Die Bundestagsabgeordnete Monika Griefahn teilt
mit:
Der Bundesfinanzminister Oskar Lafontaine hat bei
der gestrigen Einbringung des Bundeshaushalts die Bereitstellung
von 100 Millionen DM für Lärmschutzsanierung an bereits bestehenden
Schienenstrecken angekündigt.
Im einzelnen sind - je nach örtlichen Verhältnissen
- an besonders hoch belasteten Abschnitten der Bau von Lärmschutzwänden,
der Einbau von Schallschutzfenstern sowie das "besonders überwachte
Gleis" vorgesehen. Darüber hinaus ist beabsichtigt, in Abstimmung
mit der DB AG den Lärm bereits an der Quelle durch Umrüstung des
vorhandenen Güterwagenparks auf leisere Bremsen mit Verbundstoff-Bremsklötzen
zu vermindern.
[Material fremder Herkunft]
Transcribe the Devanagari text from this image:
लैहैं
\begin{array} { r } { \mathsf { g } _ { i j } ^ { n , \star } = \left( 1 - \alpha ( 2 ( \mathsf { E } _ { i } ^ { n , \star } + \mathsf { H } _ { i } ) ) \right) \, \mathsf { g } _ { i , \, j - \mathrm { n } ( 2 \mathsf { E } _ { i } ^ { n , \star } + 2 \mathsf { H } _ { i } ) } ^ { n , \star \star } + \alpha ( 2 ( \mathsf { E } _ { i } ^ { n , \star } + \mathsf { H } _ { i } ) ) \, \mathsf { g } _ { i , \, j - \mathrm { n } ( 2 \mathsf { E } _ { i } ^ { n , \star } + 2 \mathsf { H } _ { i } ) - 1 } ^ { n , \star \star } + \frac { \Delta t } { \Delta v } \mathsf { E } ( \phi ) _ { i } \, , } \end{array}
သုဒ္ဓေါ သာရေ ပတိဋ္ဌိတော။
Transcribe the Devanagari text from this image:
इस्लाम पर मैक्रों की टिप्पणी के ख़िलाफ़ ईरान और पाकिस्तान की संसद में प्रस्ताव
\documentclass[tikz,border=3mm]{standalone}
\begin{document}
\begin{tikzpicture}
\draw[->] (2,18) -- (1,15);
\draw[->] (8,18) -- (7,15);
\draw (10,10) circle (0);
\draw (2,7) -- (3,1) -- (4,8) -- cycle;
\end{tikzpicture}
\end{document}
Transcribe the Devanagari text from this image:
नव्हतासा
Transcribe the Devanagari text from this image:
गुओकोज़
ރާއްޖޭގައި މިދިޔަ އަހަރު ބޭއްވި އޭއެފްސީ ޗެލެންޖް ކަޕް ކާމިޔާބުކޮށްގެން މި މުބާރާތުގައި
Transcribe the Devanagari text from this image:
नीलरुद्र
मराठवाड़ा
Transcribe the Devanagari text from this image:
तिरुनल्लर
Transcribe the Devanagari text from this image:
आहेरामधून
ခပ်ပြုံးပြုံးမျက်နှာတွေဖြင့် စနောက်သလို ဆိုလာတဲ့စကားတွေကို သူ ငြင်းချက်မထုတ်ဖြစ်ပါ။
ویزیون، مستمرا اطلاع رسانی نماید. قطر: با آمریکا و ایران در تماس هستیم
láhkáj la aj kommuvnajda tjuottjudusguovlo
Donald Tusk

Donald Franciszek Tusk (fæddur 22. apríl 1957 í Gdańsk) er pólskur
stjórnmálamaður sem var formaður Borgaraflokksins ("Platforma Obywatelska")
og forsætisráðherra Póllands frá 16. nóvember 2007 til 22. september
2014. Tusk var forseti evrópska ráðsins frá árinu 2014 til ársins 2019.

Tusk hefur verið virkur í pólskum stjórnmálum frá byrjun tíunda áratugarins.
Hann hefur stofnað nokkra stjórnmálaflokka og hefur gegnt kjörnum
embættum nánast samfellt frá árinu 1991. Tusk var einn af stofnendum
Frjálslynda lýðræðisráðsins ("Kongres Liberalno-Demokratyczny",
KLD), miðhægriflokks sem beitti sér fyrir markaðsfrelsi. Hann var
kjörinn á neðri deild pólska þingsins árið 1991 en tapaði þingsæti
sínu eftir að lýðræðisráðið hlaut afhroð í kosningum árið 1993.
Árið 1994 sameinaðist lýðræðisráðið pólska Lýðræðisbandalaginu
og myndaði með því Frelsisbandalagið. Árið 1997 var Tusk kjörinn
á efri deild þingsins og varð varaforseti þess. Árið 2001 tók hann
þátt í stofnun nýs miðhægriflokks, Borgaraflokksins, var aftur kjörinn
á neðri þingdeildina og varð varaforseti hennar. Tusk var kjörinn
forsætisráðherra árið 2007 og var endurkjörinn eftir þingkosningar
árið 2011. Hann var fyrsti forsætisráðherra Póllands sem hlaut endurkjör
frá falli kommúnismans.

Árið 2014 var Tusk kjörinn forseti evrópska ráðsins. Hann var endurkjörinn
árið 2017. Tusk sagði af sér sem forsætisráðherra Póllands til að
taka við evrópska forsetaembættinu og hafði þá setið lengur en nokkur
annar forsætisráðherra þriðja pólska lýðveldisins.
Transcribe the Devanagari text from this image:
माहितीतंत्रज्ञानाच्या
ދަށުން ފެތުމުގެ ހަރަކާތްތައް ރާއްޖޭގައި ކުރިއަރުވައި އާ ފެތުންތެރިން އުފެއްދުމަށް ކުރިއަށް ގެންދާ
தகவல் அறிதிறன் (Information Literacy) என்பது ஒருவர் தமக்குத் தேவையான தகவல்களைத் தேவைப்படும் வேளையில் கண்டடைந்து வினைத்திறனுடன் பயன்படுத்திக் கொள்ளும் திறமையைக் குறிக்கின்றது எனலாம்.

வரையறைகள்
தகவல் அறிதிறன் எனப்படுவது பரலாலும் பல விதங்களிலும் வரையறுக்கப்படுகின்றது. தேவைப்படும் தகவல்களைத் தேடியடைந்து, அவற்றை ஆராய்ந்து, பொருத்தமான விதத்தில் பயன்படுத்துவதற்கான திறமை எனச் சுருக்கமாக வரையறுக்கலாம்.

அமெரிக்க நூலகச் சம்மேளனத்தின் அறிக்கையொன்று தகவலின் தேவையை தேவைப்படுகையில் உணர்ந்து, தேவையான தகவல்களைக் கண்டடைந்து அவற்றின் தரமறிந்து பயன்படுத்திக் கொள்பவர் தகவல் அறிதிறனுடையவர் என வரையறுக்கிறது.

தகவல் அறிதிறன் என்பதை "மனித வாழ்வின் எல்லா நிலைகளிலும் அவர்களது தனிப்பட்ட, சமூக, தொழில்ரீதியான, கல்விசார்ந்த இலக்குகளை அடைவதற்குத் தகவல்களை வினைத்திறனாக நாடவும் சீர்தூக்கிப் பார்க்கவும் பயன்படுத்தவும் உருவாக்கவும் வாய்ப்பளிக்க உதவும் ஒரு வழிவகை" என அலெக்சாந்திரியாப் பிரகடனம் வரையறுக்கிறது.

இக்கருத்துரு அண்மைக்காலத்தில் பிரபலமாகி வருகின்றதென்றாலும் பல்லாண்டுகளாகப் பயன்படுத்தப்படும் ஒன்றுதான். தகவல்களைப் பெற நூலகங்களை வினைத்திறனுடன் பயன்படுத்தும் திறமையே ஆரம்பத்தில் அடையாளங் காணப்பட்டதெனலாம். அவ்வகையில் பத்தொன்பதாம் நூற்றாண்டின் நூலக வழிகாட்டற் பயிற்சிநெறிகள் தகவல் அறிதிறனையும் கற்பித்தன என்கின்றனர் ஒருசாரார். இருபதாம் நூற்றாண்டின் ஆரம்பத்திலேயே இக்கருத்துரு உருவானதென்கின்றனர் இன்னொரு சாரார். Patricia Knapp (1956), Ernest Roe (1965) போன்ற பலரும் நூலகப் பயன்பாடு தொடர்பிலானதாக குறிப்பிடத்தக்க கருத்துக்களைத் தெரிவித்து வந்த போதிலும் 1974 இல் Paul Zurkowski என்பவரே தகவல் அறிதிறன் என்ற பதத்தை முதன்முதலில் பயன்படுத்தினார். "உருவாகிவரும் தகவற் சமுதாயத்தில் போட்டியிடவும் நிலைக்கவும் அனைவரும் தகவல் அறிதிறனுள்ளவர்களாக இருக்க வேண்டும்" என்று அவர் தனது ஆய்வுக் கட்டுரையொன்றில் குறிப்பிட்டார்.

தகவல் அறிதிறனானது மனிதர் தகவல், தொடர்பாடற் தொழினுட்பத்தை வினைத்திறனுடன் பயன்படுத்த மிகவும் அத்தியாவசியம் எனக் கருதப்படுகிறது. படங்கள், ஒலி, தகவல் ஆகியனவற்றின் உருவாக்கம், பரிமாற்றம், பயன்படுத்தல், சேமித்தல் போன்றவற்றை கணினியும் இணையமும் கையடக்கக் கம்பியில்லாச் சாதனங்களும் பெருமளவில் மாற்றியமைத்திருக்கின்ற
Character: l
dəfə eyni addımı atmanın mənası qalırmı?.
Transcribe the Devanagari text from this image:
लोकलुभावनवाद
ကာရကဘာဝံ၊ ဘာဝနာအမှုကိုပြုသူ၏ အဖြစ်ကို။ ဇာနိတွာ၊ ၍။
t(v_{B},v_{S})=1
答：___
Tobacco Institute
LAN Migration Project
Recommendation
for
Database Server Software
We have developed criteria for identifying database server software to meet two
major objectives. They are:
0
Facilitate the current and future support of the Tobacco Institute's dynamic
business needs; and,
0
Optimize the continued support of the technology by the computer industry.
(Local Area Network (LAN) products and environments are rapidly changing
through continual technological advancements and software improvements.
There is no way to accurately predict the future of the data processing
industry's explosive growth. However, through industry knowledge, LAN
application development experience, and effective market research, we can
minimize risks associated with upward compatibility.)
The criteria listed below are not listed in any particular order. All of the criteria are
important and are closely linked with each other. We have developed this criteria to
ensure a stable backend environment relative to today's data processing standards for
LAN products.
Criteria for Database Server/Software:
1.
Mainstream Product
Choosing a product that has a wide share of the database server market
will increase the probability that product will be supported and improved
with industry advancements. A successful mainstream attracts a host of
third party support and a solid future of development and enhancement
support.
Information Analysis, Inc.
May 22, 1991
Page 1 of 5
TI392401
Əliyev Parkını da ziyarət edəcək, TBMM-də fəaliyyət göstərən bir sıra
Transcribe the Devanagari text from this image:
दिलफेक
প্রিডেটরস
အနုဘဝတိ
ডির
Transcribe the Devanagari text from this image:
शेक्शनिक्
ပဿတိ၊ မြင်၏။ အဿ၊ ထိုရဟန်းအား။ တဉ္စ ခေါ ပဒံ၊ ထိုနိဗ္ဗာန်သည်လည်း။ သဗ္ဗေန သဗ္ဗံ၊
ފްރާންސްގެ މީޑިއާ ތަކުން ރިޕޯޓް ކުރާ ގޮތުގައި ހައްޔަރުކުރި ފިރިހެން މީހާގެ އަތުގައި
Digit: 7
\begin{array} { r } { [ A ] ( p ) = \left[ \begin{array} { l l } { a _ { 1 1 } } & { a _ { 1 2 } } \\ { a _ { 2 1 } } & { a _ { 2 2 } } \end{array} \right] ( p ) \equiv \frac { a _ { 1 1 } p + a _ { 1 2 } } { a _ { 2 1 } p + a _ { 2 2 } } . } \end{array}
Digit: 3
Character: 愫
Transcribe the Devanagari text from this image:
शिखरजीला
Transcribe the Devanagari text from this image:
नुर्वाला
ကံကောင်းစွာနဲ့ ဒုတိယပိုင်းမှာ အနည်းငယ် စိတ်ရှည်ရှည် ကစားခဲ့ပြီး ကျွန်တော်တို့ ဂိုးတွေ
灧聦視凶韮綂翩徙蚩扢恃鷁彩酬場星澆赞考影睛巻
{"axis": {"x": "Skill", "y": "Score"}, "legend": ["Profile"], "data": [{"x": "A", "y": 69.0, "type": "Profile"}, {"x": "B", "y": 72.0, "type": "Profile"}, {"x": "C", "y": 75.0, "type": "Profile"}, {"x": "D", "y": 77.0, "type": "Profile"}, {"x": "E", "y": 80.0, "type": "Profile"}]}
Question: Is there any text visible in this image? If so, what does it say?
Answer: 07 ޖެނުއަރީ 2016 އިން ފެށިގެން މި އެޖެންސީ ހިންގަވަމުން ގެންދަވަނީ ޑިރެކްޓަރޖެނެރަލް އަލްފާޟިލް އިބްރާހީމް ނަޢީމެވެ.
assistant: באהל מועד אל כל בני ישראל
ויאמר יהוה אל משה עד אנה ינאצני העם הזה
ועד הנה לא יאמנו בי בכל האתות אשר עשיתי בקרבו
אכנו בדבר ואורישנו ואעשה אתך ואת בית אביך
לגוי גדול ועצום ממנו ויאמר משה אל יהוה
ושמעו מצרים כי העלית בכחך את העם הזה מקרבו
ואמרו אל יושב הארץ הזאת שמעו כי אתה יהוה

Die DB AG führt bereits Versuche mit schalloptimierten
Fahrzeugen durch, die - auch ohne Lärmschutzwände - zu einer merkbaren
Verringerung der Schallimmissionen führen. Die hierzu entwickelten
Fahrzeugkomponenten werden z.Zt. erprobt. Damit könnten z.B. lange
bestehende Sorgenkinder wie in Jesteburg oder Seevetal verbessert
werden.
Monika Griefahn erklärt, daß das Bundesminsterium
für Verkehr für 1999 einen Betrag von 100 Millionen DM für ein Programm
"Lärmschutz für Härtefälle an bestehenden Schienenstrecken" angemeldet
hat. Für die Folgejahre sind Beträge in gleicher Höhe eingeplant.
Monika Griefahn hat in einem Schreiben die Gemeinden
und den Landkreis aufgefordert, entsprechende Anträge zu stellen.
Sie wird sich mit Nachdruck für eine Verwirklichung einsetzen.